The authors conducted a geospatial analysis of freight data within the City of San José and an analysis of relevant literature and successful freight reduction strategies implemented globally. Findings enabled the authors to identify seven key objectives to reduce GHG emissions from freight:

  1. Manage freight demand and address consumer expectations (e.g., encouraging off-peak deliveries and better curb management);
  2. Use low emissions modes and multimodal solutions for freight (e.g., low-emission freight vehicles or cargo bicycles for first- and last-mile solutions);
  3. Optimize freight assets and environmental resources (e.g., explore sharing hubs and warehouses, encourage truck size adjustments based on load and space);
  4. Focus on the last mile (e.g., allowing low-emission freight vehicles in bus lanes, use of cargo bikes);
  5. Deploy alternative sources of fuel and energy efficiency measures (e.g., incentivizing green freight, developing alternative fuel readiness plan);
  6. Engage the stakeholders (e.g., businesses, freight operators, environmental agencies) and explore collaborative opportunities (e.g., establish freight outreach groups, encourage partnerships and collaborations with government agencies and universities); and
  7. Develop a data sharing platform, which should include data-sharing protocols and standards.

“Greenhouse gas emissions, like those from freight transportation, contribute to air pollutants that are detrimental to human and environmental health,” explain the study’s authors. “Focusing on emission reduction benefits our industry and our communities.”

While this study focused on GHG emissions from freight in a single city, the lessons gleaned from this case can be applied broadly to other cities and regions.

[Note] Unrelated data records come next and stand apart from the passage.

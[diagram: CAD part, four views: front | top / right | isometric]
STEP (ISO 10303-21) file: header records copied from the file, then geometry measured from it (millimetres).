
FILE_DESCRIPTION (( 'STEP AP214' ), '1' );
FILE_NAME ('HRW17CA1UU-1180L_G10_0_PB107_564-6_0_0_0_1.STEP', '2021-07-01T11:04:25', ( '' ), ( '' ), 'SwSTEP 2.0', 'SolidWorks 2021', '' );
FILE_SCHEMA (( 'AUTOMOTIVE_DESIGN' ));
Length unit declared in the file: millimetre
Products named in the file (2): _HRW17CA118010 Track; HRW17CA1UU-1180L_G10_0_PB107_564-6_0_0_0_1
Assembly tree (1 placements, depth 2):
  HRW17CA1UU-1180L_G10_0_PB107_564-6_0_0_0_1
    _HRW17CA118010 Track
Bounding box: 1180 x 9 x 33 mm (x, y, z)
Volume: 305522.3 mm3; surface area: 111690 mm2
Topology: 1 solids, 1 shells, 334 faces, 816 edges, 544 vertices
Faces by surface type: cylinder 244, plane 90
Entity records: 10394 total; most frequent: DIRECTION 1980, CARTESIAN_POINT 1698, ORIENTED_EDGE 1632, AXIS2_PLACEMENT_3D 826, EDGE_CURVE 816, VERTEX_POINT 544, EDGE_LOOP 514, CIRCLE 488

Communities seeking to meaningfully reduce greenhouse gas emissions must focus on emissions from freight as a major contributor. Although strategies to advance alternative vehicle fuel and energy-efficient technologies are often pursued by higher levels of government, municipalities can play an important role in the deployment of alternative fuel freight vehicles and energy efficient measures by incentivizing green freight, developing an alternative fuel readiness plan, engaging in partnerships, and adopting other GHG-reduction strategies.

MTI is hosting a Research Snaps webinar on this topic on December 6, 2022.

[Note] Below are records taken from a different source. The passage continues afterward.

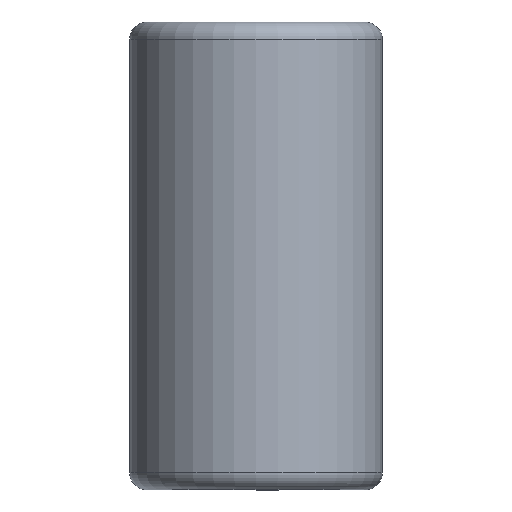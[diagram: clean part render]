
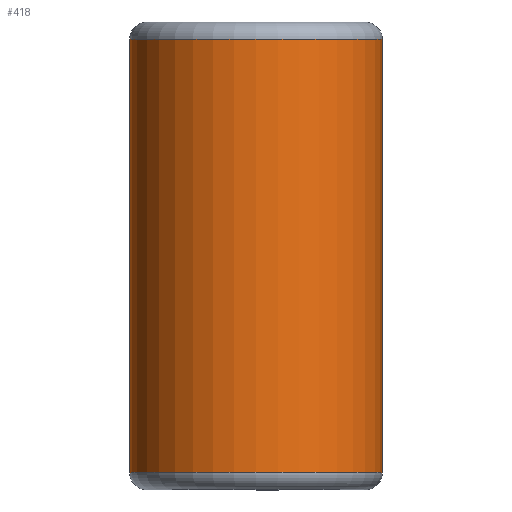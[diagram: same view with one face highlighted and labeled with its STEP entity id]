
A CAD part, top view. The second image highlights one B-rep face of the part: STEP entity #418.
In plain terms, the highlighted cylindrical face has radius 5.575 mm (diameter 11.151 mm), a partial arc.
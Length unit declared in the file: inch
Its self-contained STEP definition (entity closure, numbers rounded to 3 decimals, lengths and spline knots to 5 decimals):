
#82 = VECTOR ( 'NONE', #986, 39.37008 ) ;
#100 = DIRECTION ( 'NONE',  ( 0., 0., -1. ) ) ;
#167 = DIRECTION ( 'NONE',  ( 0., 1., 0. ) ) ;
#369 = VERTEX_POINT ( 'NONE', #2246 ) ;
#383 = ORIENTED_EDGE ( 'NONE', *, *, #1985, .T. ) ;
#418 = ADVANCED_FACE ( 'NONE', ( #2160 ), #906, .T. ) ;
#479 = CARTESIAN_POINT ( 'NONE',  ( 0., -0.37625, -0.2195 ) ) ;
#517 = ORIENTED_EDGE ( 'NONE', *, *, #1995, .T. ) ;
#560 = CIRCLE ( 'NONE', #1722, 0.2195 ) ;
#611 = CARTESIAN_POINT ( 'NONE',  ( 0., -0.37625, 0. ) ) ;
#618 = CARTESIAN_POINT ( 'NONE',  ( 0., 0.37625, 0. ) ) ;
#626 = CIRCLE ( 'NONE', #1468, 0.2195 ) ;
#689 = ORIENTED_EDGE ( 'NONE', *, *, #1840, .F. ) ;
#725 = AXIS2_PLACEMENT_3D ( 'NONE', #2345, #2325, #100 ) ;
#795 = DIRECTION ( 'NONE',  ( 0., 0., -1. ) ) ;
#806 = DIRECTION ( 'NONE',  ( 0., 0., -1. ) ) ;
#906 = CYLINDRICAL_SURFACE ( 'NONE', #725, 0.2195 ) ;
#986 = DIRECTION ( 'NONE',  ( 0., 1., 0. ) ) ;
#1067 = LINE ( 'NONE', #2114, #82 ) ;
#1292 = EDGE_LOOP ( 'NONE', ( #383, #517, #689, #1678 ) ) ;
#1360 = CARTESIAN_POINT ( 'NONE',  ( 0.2195, 0.37625, 0. ) ) ;
#1416 = VERTEX_POINT ( 'NONE', #479 ) ;
#1468 = AXIS2_PLACEMENT_3D ( 'NONE', #611, #1916, #795 ) ;
#1653 = VERTEX_POINT ( 'NONE', #1754 ) ;
#1678 = ORIENTED_EDGE ( 'NONE', *, *, #1975, .F. ) ;
#1722 = AXIS2_PLACEMENT_3D ( 'NONE', #618, #1925, #806 ) ;
#1754 = CARTESIAN_POINT ( 'NONE',  ( 0., 0.37625, -0.2195 ) ) ;
#1840 = EDGE_CURVE ( 'NONE', #1416, #1653, #2324, .T. ) ;
#1916 = DIRECTION ( 'NONE',  ( 0., -1., 0. ) ) ;
#1925 = DIRECTION ( 'NONE',  ( 0., -1., 0. ) ) ;
#1975 = EDGE_CURVE ( 'NONE', #369, #1416, #626, .T. ) ;
#1985 = EDGE_CURVE ( 'NONE', #369, #2234, #1067, .T. ) ;
#1995 = EDGE_CURVE ( 'NONE', #2234, #1653, #560, .T. ) ;
#2114 = CARTESIAN_POINT ( 'NONE',  ( 0.2195, 0.37625, 0. ) ) ;
#2160 = FACE_OUTER_BOUND ( 'NONE', #1292, .T. ) ;
#2234 = VERTEX_POINT ( 'NONE', #1360 ) ;
#2246 = CARTESIAN_POINT ( 'NONE',  ( 0.2195, -0.37625, 0. ) ) ;
#2258 = VECTOR ( 'NONE', #167, 39.37008 ) ;
#2324 = LINE ( 'NONE', #2438, #2258 ) ;
#2325 = DIRECTION ( 'NONE',  ( 0., -1., 0. ) ) ;
#2345 = CARTESIAN_POINT ( 'NONE',  ( 0., 0.375, 0. ) ) ;
#2438 = CARTESIAN_POINT ( 'NONE',  ( 0., 0.37625, -0.2195 ) ) ;

At the Mineta Transportation Institute (MTI) at San Jose State University (SJSU) our mission is to increase mobility for all by improving the safety, efficiency, accessibility, and convenience of our nations’ transportation system. Through research, education, workforce development and technology transfer, we help create a connected world. Founded in 1991, MTI is funded through the US Departments of Transportation and Homeland Security, the California Department of Transportation, and public and private grants, including those made available by the Road Repair and Accountability Act of 2017 (SB1). MTI is affiliated with SJSU’s Lucas College and Graduate School of Business.

Dr. Serena Alexander is an MTI Research Associate, an Associate Professor of Urban and Regional Planning and Director of Urban Online at San José State University. Her research focuses on developing cutting-edge strategies to address climate change and climate justice. Kyle Laveroni, Maxwell Friedman, & Janani Thiagarajan are graduate students in San José State University’s Urban and Regional Planning program.